Masculinist Impulses: Toomer, Hurston, Black Writing, and Modernity

Masculinist Impulses: Toomer, Hurston, Black Writing, and Modernity

Masculinist Impulses: Toomer, Hurston, Black Writing, and Modernity

Masculinist Impulses: Toomer, Hurston, Black Writing, and Modernity

Synopsis

In Masculinist Impulses, Nathan Grant begins his analysis of African American texts by focusing on the fragmentation of values of black masculinity-free labor, self-reliance, and responsibility to family and community-as a result of slavery, postbellum disfranchisement, and the ensuing necessity to migrate from the agrarian South to the industrialized North. Through examinations of novels that deal with black male selfhood, Grant demonstrates the ways in which efforts to alleviate the most destructive aspects of racism ultimately reproduced them in the context of the industrialized city. Grant's book provides close readings of Jean Toomer ( Cane and Natalie Mann) and Zora Neale Hurston ( Moses, Man of the Mountain, Seraph of the Suwanee, and Their Eyes Were Watching God), for whom the American South was a crucial locus of the African American experience. Toomer and Hurston were virtually alone among the Harlem Renaissance writers of prose who returned to the South for their literary materials.
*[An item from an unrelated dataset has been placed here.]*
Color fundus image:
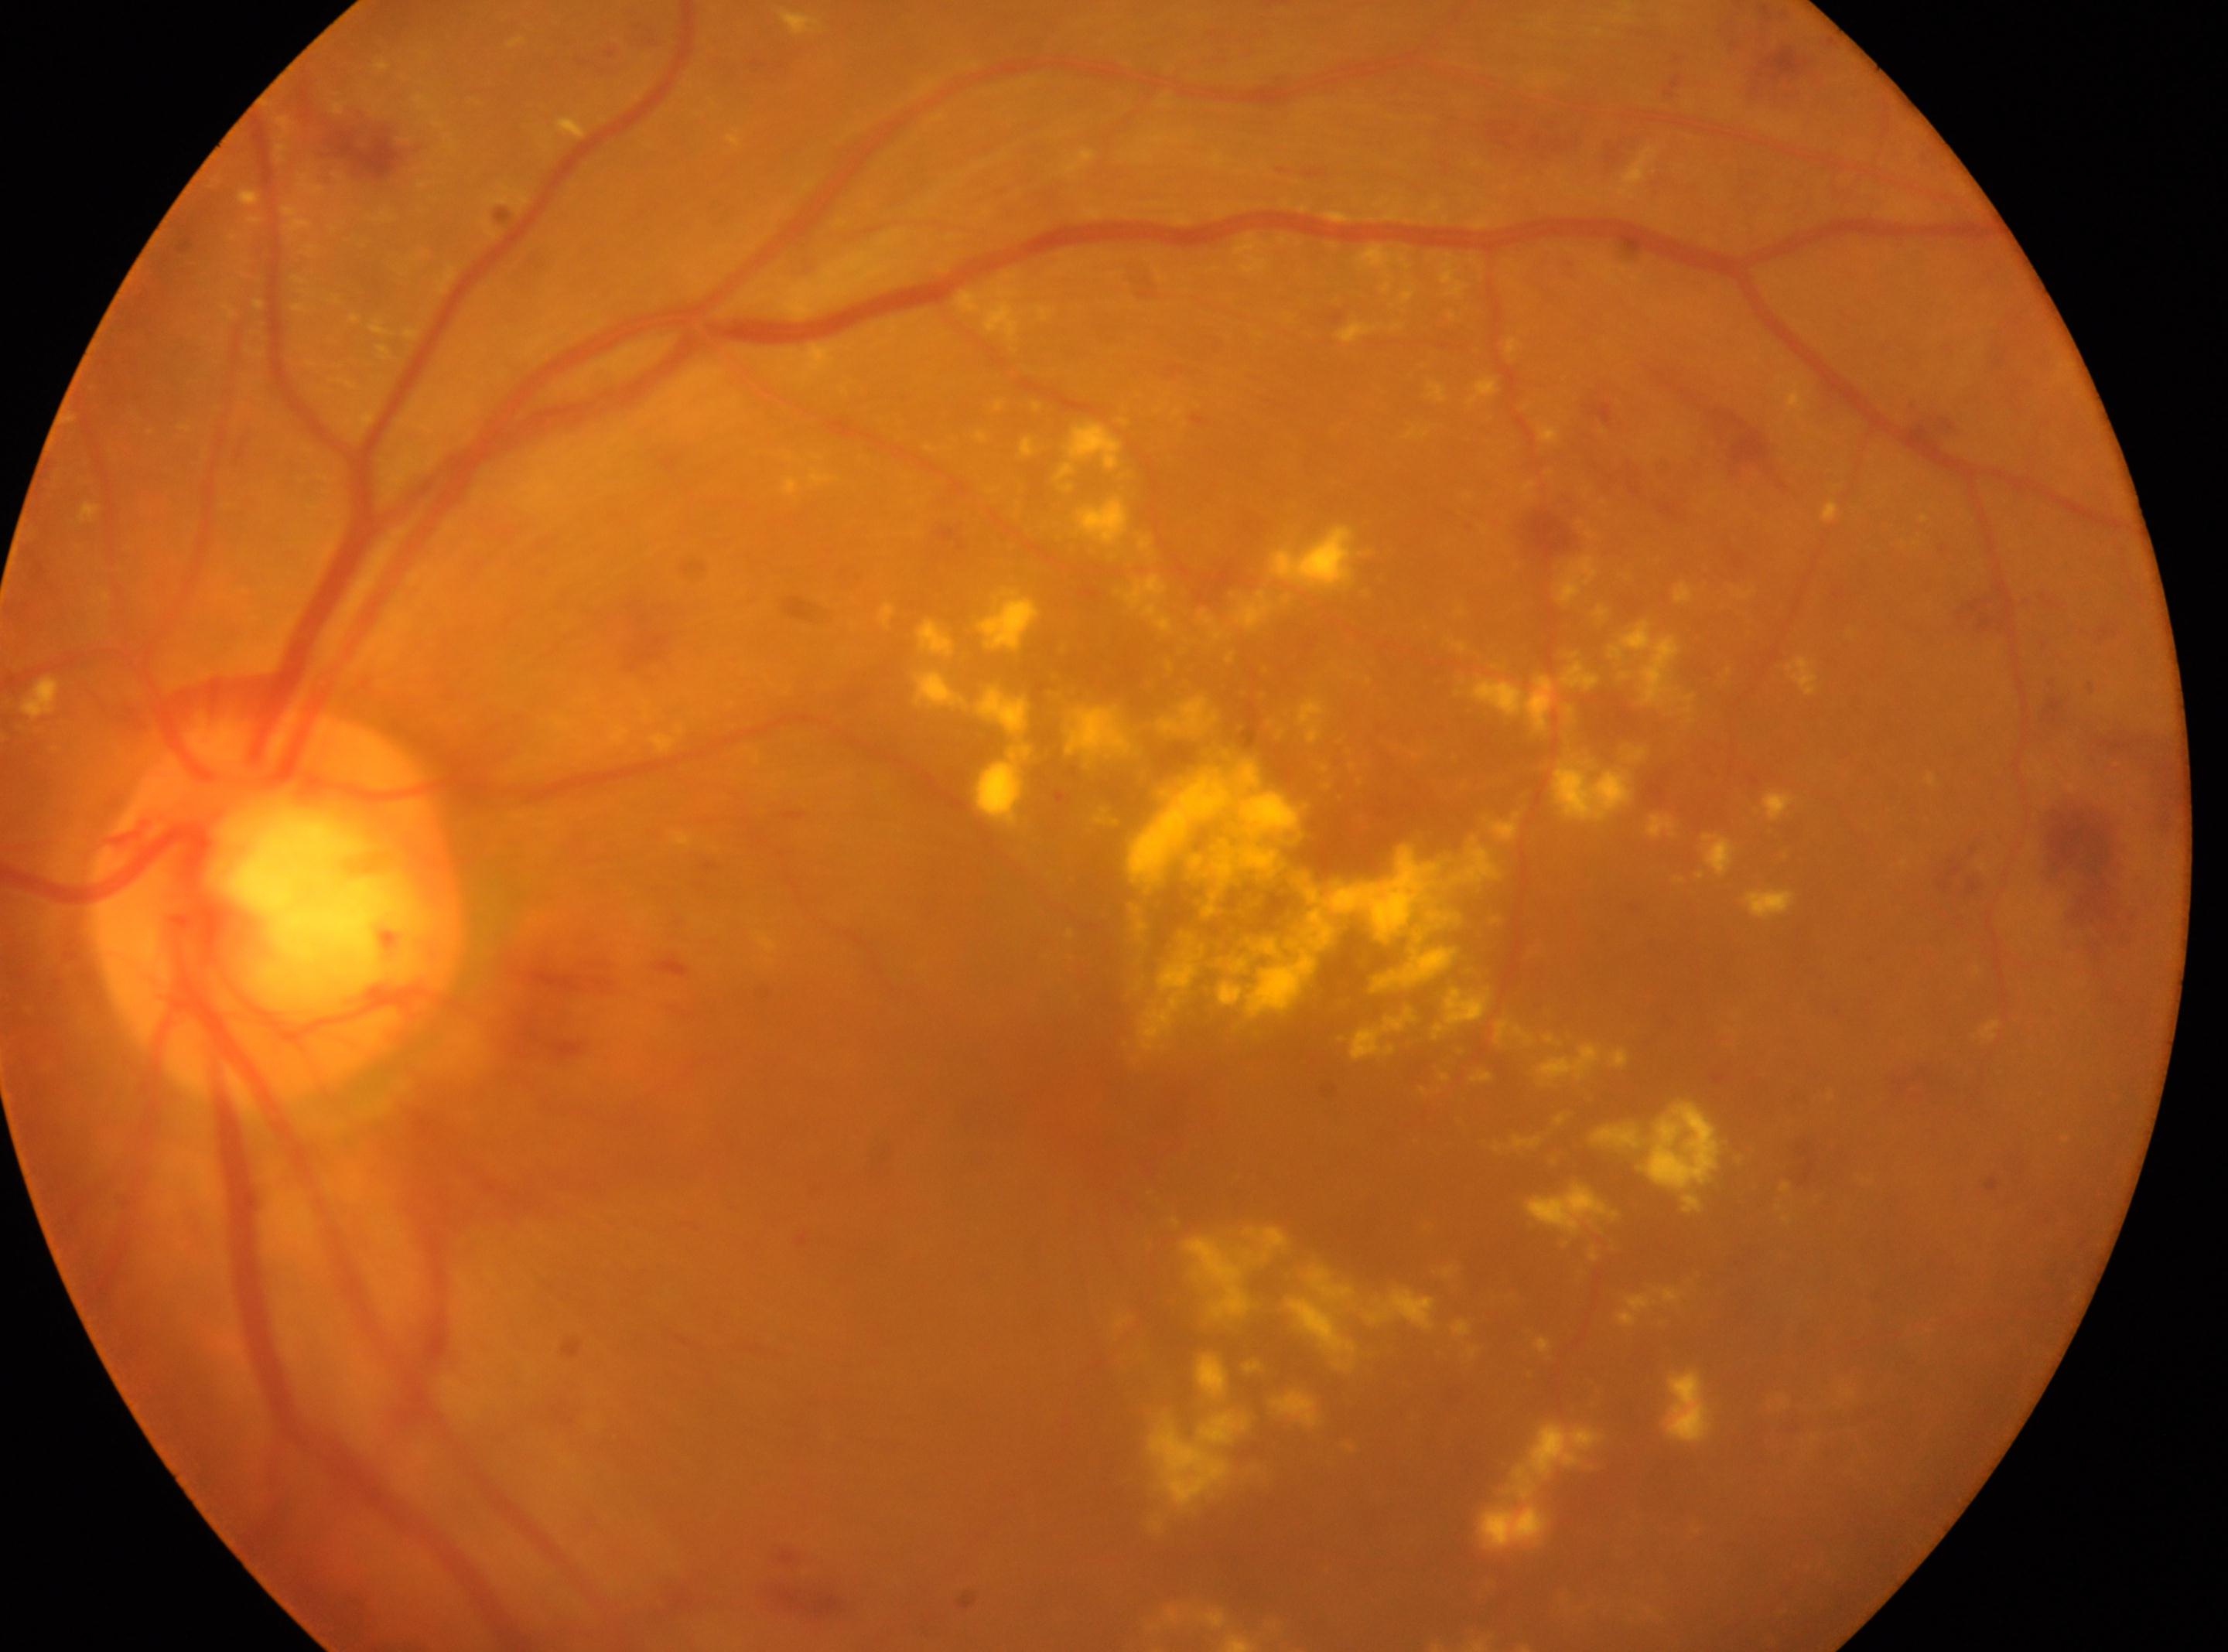
Eye: left. The macula center is at (x: 1071, y: 1108). DR grade is severe NPDR (3). Optic disc located at (x: 276, y: 906).

That return, however, allowed their rediscovery of key black masculine values and charted the northern route of those values in the twentieth century to their compromise and destruction. Grant then moves on to three more recent writers-John Edgar Wideman, Gloria Naylor, and Toni Morrison-who expanded upon and transformed the themes of Toomer and Hurston. Like Toomer and Hurston, these later authors recognized the need for the political union of black men and women in the effort to realize the goals of equity and justice. Masculinist Impulses discusses nineteenth- and twentieth-century black masculinity as both a feature and a casualty of modernism. Scholars and students of African American literature will find Grant's nuanced and creative readings of these key literary texts invaluable.

Excerpt

The preeminent African American autobiography of the nineteenth century, and the most widely influential text in the study of black autobiography today, is Frederick Douglass's 1845 Narrative of the Life. It sought, among other things, to solve the problem of being by rescuing from the situation of bondage the twin sensibilities of rage and defiance. For Douglass, this was crystallized, ultimately, in what some commentators have called his “cult of masculinity.” His battle with the slavebreaker Edward Covey is “the turning-point” of not only his career as a slave but also the Narrative. In perhaps the most famous lines in the tradition of African American autobiography, Douglass sets the terms of his emergence into the realm of self- possessed consciousness: “You have seen how a man was made a slave; you shall see how a slave was made a man.” This expression of defiance, which set the style for narratives following Douglass's, fashioned the desire beyond nonbeing: the writing of oneself into existence. But this was a project that seemed doomed to frustration. The first narratives known to emphasize the black male as subject—John Jea's, Henry Bibb's, and Douglass's—had begun to appear in the 1840s. Though David Walker's scathing Appeal of 1829 was already perhaps the most passionate effort of black men to gain both civil and social equality, they were generally forced to deny the rage they felt at their enslavement. Gaining wide acceptance among Southern whites was the viewpoint of Thomas R. Dew, and later George Fitzhugh, that Africans were by nature brutish and barbaric and that slavery was their only civilizing influence. In Richard Yarborough's . . .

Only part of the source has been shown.